What are the rights of the surviving parent to the child?
Pursuant to Section 6 of the GIA, the surviving spouse usually becomes the natural guardian of the child and will act either alone or jointly with any guardian appointed by the other spouse.
If no guardian has been appointed on the death of one spouse, the Court has the power to appoint who they deem fit as guardian to jointly act with the other spouse.
What happens if I, the parent of the child, cannot agree with the formally appointed joint guardian of the child?
In the event there is a dispute between joint guardians, one of the guardians will have to consider taking out a Court application seeking the Court’s directions.
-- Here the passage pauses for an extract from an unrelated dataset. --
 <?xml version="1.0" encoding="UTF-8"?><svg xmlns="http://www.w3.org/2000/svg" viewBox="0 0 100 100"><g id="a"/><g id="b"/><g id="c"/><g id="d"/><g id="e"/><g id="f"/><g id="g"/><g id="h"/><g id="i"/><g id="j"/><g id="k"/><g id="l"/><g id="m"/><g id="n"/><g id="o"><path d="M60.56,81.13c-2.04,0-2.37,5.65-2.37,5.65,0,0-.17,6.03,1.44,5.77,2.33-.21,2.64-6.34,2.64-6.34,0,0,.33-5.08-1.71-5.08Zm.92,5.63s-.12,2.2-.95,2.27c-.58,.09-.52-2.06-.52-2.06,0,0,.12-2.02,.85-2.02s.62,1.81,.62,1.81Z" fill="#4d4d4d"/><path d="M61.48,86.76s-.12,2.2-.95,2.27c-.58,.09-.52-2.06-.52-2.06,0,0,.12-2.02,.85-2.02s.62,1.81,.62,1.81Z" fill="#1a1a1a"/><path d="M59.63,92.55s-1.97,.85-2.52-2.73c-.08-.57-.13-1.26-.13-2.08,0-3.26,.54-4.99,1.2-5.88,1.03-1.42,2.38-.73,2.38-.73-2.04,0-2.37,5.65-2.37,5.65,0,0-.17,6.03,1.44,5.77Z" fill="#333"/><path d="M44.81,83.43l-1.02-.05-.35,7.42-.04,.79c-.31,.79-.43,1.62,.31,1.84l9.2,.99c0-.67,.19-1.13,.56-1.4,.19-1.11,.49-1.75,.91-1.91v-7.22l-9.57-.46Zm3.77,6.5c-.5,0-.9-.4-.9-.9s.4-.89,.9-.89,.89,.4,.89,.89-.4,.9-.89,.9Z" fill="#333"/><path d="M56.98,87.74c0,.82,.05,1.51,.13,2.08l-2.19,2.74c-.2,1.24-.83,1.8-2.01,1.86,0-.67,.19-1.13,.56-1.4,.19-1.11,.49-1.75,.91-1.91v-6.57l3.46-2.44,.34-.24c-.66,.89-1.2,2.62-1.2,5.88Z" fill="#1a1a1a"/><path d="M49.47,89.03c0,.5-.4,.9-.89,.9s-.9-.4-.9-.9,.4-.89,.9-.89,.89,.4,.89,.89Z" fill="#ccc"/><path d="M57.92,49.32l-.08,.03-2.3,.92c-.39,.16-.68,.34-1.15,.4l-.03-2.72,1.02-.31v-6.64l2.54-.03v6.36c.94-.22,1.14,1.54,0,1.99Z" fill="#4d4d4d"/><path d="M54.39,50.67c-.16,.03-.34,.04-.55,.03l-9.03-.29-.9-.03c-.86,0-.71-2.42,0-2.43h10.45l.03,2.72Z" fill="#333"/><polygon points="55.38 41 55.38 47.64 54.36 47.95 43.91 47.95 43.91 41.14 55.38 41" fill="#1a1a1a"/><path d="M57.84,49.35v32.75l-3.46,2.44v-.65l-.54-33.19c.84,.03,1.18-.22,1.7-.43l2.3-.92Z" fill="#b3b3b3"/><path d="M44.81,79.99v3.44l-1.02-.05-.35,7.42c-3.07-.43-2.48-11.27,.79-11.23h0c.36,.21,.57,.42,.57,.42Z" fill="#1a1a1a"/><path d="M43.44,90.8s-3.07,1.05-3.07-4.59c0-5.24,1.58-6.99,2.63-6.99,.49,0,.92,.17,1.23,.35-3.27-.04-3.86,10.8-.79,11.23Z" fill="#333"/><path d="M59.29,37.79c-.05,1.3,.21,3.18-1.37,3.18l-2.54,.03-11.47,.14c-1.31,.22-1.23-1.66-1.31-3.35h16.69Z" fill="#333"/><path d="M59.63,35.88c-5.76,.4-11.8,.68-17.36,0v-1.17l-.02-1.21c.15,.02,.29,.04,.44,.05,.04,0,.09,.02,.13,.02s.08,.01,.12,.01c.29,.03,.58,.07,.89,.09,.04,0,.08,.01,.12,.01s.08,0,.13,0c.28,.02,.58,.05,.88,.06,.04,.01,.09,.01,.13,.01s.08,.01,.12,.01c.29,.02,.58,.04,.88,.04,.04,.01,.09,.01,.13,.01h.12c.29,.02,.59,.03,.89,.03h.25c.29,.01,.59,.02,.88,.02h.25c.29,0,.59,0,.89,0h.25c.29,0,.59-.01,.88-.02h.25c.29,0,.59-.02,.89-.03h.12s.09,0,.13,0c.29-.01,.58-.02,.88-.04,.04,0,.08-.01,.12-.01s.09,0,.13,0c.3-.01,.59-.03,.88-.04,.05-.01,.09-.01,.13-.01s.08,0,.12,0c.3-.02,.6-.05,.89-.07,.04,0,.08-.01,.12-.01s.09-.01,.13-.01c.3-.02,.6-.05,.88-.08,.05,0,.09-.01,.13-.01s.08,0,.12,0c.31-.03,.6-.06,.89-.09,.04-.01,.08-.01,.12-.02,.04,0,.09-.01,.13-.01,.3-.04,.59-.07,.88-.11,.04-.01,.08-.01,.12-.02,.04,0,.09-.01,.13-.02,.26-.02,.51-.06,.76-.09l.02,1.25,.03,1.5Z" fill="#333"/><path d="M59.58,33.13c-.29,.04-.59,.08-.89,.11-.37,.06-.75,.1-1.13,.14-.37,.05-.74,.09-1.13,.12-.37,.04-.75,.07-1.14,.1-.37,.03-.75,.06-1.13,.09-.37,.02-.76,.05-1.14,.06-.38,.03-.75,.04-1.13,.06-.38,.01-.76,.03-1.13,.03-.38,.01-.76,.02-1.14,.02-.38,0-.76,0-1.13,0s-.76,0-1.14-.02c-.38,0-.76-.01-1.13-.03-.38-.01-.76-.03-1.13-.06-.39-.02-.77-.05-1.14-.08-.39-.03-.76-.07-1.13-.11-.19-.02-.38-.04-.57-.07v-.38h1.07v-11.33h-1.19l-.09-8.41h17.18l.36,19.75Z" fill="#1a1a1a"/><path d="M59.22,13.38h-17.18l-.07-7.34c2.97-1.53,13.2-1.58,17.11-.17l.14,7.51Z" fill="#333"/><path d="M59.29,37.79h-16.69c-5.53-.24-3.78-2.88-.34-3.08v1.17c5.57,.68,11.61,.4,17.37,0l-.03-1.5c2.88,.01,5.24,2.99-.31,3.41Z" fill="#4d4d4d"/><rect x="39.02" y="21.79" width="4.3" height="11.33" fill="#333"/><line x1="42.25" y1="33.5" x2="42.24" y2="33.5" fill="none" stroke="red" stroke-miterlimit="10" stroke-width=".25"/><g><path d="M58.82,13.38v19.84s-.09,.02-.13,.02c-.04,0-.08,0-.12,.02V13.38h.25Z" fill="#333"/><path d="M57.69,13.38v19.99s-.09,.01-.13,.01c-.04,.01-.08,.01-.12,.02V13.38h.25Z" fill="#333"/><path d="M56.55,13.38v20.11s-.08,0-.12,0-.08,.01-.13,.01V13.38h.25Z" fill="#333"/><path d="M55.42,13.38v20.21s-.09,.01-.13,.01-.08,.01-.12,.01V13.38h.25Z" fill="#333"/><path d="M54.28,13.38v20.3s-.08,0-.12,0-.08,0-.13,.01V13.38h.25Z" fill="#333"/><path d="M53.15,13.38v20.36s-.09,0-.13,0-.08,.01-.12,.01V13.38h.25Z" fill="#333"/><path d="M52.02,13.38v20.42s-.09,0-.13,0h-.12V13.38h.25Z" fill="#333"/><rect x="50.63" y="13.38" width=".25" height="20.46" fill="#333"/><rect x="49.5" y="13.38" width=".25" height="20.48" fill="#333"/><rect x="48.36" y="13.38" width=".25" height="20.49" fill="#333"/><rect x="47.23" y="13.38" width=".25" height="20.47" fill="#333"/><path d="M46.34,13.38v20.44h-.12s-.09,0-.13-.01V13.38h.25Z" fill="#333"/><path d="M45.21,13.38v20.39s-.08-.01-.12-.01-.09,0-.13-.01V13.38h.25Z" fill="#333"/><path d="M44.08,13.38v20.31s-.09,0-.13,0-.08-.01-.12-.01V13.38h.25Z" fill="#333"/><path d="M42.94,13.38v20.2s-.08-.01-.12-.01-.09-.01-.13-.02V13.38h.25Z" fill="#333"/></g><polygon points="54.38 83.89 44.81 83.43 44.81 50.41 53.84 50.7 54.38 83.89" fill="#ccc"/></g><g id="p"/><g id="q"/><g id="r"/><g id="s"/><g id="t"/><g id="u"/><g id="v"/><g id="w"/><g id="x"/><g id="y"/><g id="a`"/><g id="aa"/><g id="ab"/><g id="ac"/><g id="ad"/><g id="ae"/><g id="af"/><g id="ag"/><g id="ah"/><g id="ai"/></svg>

Pursuant to Section 8 of the GIA, the Court is empowered to make orders on issues in relation to the child’s custody, care and control, access and maintenance. The Court may also vary or discharge any previous Court Orders made under the GIA.
In determining issues in relation to the child’s custody, care and control and access, the Court will have to give regard to the child’s welfare.
In determining issues in relation to the child’s maintenance, the Court will have to give regard to the ability of the child’s parents.